The .env file is not in object storage. Pull it from the password manager / secrets vault. Verify ENCRYPTION_KEY matches the value used when the database was last running — if it doesn't, rows in system_settings (OCR API keys, etc.) decrypt to garbage and the OCR "Test connection" button will return an opaque error.

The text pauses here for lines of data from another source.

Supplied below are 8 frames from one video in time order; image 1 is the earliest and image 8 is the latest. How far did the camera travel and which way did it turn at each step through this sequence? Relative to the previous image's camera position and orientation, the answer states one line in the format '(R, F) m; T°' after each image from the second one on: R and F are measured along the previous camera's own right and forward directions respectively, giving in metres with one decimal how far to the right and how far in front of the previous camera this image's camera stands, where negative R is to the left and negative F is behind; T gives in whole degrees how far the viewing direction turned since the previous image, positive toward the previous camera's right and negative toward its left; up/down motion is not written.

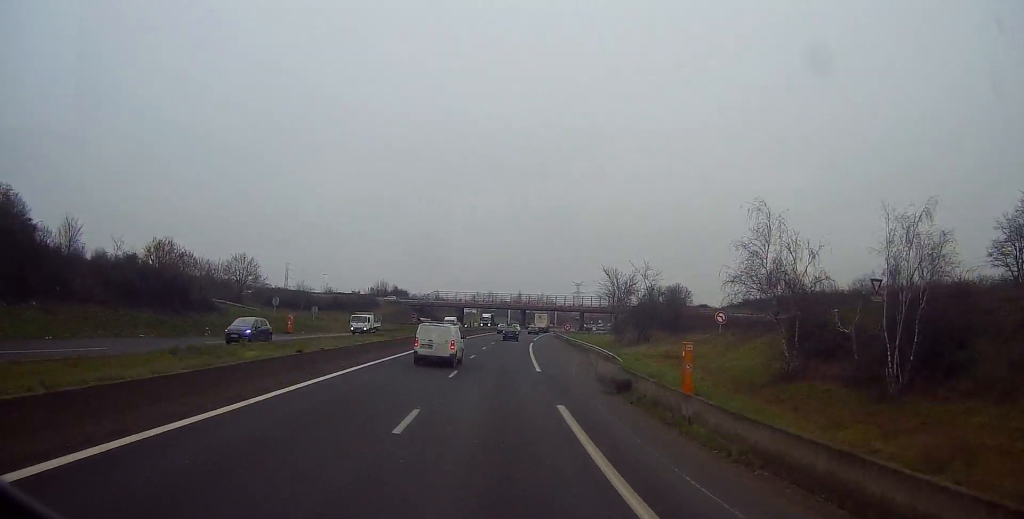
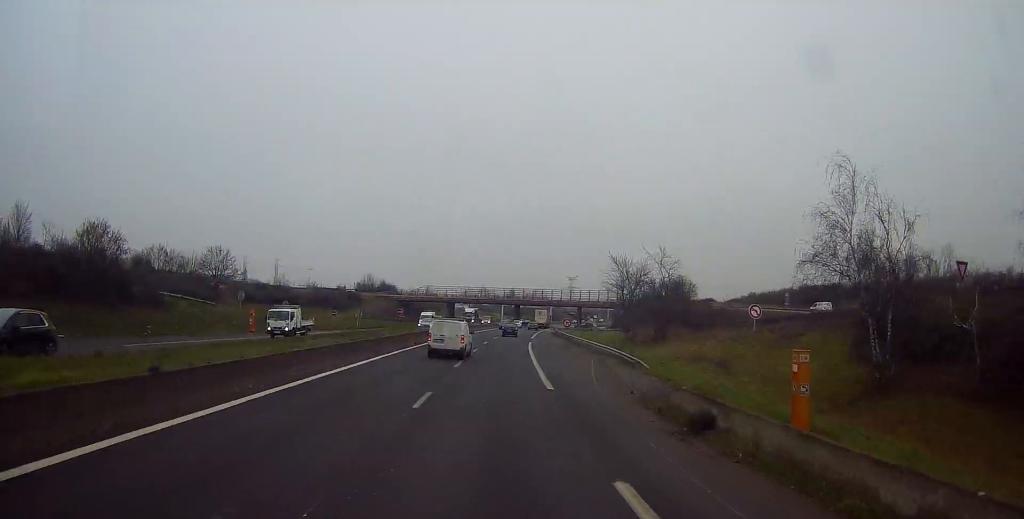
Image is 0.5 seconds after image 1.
(-0.2, +9.4) m; 0°
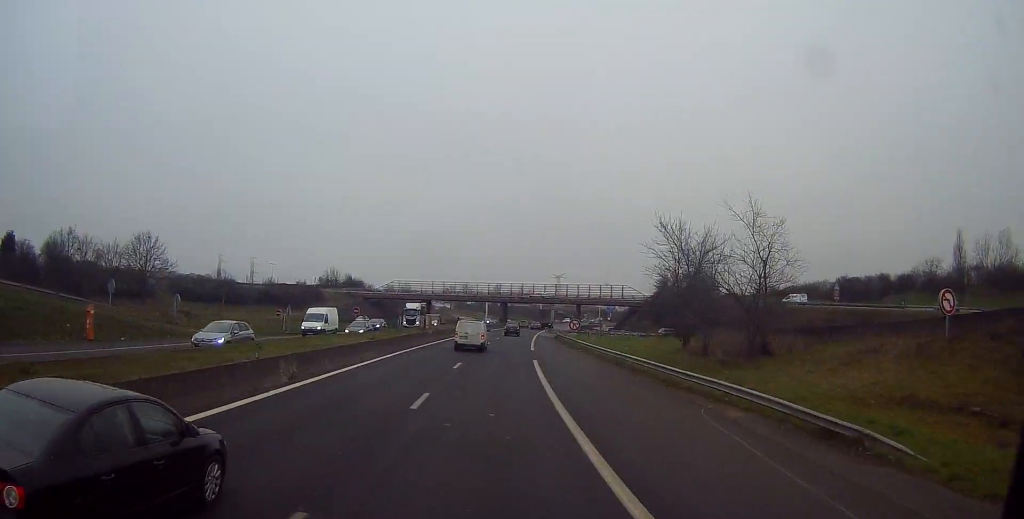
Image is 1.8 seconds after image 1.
(+0.5, +24.5) m; +1°
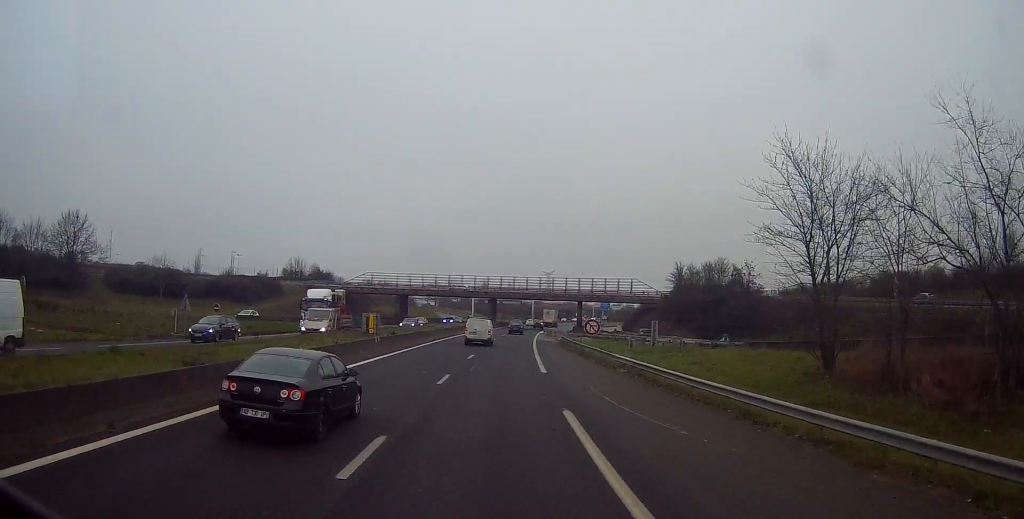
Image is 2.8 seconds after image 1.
(-0.4, +19.9) m; +1°
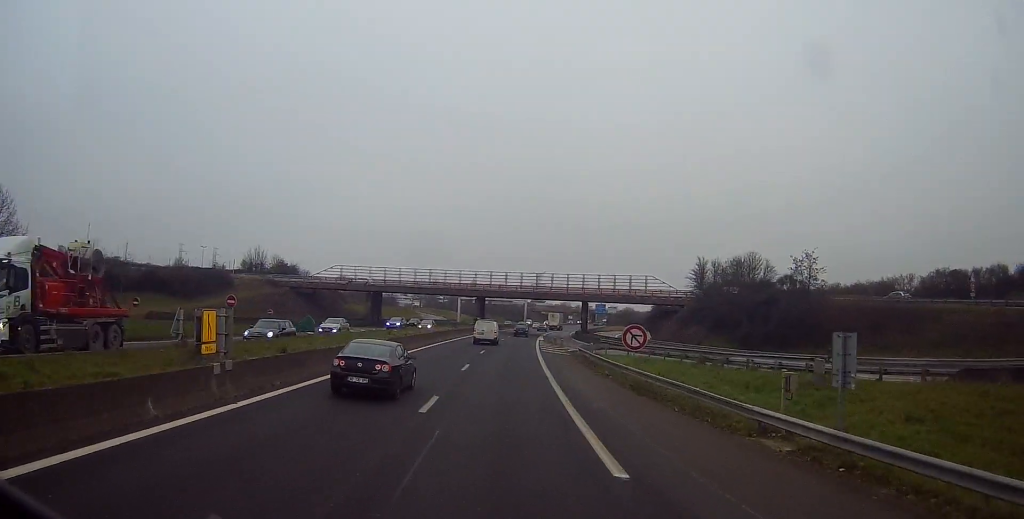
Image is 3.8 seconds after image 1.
(+0.7, +18.4) m; +1°
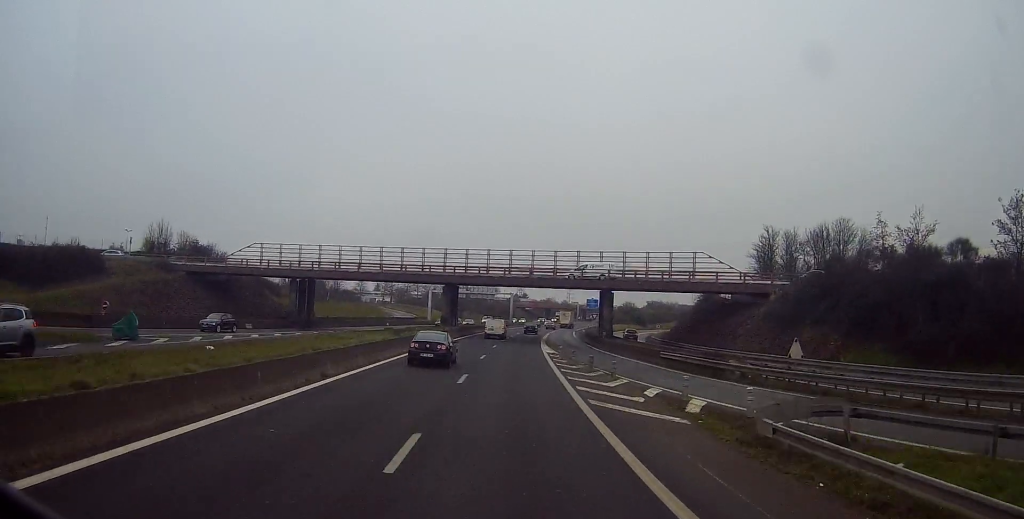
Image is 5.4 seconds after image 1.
(0.0, +31.2) m; +1°
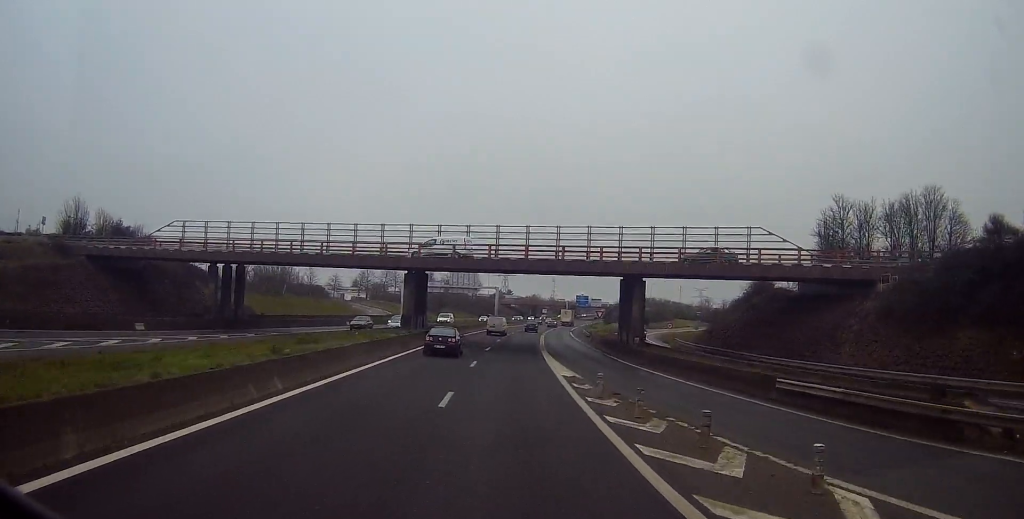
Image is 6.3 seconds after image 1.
(+0.3, +18.2) m; +2°
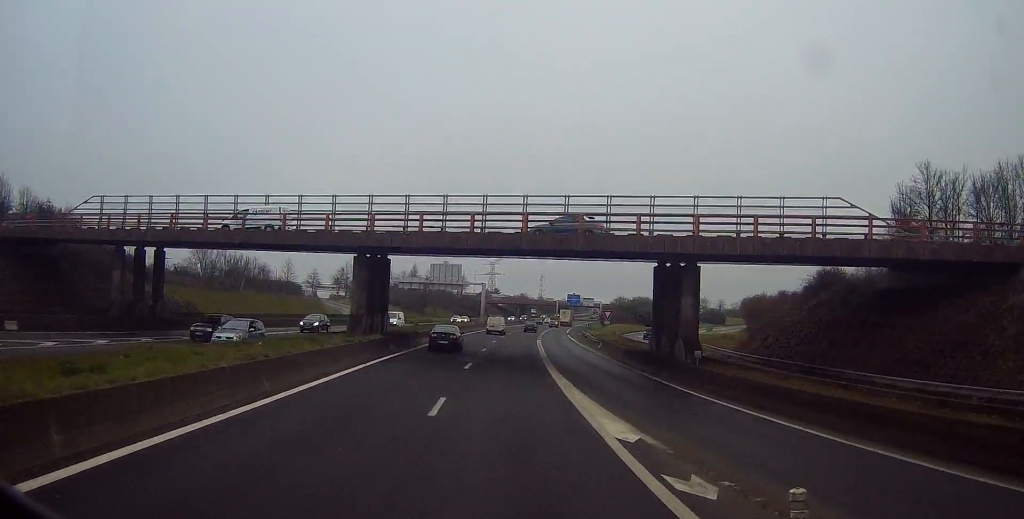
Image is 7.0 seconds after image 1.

There is no recovery path; the keys must be re-entered through the admin UI.

4. Bring services back up

docker compose -f docker-compose.prod.yml up -d
# Watch the worker logs; expect a flurry of socket reconnections, then quiet.
docker compose -f docker-compose.prod.yml logs -f worker

5. Verify

Tail through the smoke checklist, in order:

1. DB up — psql "$DATABASE_URL" -c 'SELECT count(*) FROM clients;' matches the producer-side count from the snapshot's hour.
2. MinIO up — open any client with attachments in the CRM, click a receipt thumbnail; verify the signed URL serves the file.
3. Documenso webhooks — re-trigger one in the Documenso admin and confirm audit_logs records the receipt.
4. Email — send a portal invite to a real address.
5. Realtime — open two browser windows, edit a client in one, watch the other update via Socket.IO.
6. AI usage ledger — SELECT count(*) FROM ai_usage_ledger; non-empty if AI was being used. Old rows survive but the budget gates reset alongside the period boundary at month rollover.

Drill schedule

The weekly drill (cron line above) runs restore.sh --drill against a throwaway database and a sandbox MinIO bucket. It must produce zero diff between the restored row counts and the live row counts (modulo the hour-or-so the drill takes to run).

Failure modes the drill catches before they bite production:

• New tables added without inclusion in pg_dump's --schema=public (we use the default, which captures everything in public — but a future developer adding a tenant_X schema will silently lose it).
• MinIO bucket-policy changes that block the backup-side s3:GetObject on certain prefixes.
• GPG passphrase rotation that wasn't propagated to the restore host.
• A pg_restore version skew with the producer-side pg_dump.